The org.jcvi.jillion.assembly module contains classes for working with output from genome assemblers. Jillion can handle contigs created by de-novo assemblers or by reference assemblers. It is even possible to create contig objects from "scratch".
- Contig Objects - A Jillion Contig object is the base class that all contigs derive from. Contig objects have the consensus sequence and all the underlying read alignments and gapped sequences that provide coverage for the consensus.
- CoverageMap - A CoverageMap is an Object that contains coverage information for a contiguous range of offset values. CoverageMaps can be created from cotngis to get the depth of coverage at each point in the contig or from any collection of objects that implement the Rangeable interface.
- SliceMap - Get the Slice representation of a Contig. Slices can be used for variant detection and consensus recalling.
- Consensus Recalling - Jillion supports many different consensus calling algorithms which can be used to change a contig's consensus.
- Contig Builders - Contig objects are immutable.

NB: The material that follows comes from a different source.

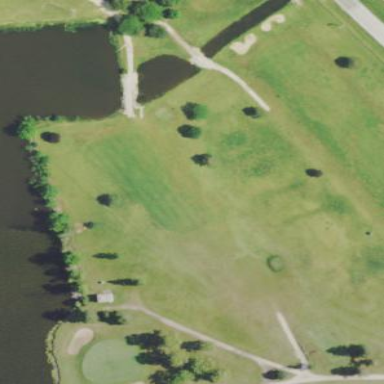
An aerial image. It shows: Grassy area designated as golf fairway.

Use ContigBuilders to modify already existing objects or to create new contigs from "scratch".
- Contig DataStores - DataStore implementations that wrap assembly files for many common assemblers including:
- Consed/Phrap ace - the .ace file is the file format used by the Phrap assembler and consed contig viewer/editor
- Celera Assembler asm the .asm file is the output from the Celera Assembler
- CLC Bio cas the .cas file is the output from the CLC Bio Assembly-Cell reference assembler.
- TIGR tasm the .tasm file format is the output from the TIGR Assembler.
- TIGR contig the .contig file format a contig file format mostly used by internal TIGR applications. It is a more concise output compared to the more verbose .tasm file.
The org.jcvi.jillion.maq module contains classes for working with binary encoded MAQ formats such as .bfq and .bfa files.
- Binary Fastq - package for reading and writing .bfq files.
- Binary Fasta - package for reading and writing .bfa files.
Jillion now supports reading and writing SAM and BAM files. The
org.jcvi.jillion.sam module contains classes for reading and writing SAM and BAM files. Jillion can also re-sort SAM and BAM as well as read and write BAM indexes (.bai files).
- SamHeader - class for working reading, writing and modifying information stored in a SAM or BAM header.
- Cigar - package for working with CIGAR data.
- SamRecord - class that represents a single line in a SAM file.
- Parsing SAM and BAM files
- SamFileDataStore - A special DataStore implementation that represents a single SAM or BAM file.
- SamWriter - classes and interfaces for writing SAM and BAM files.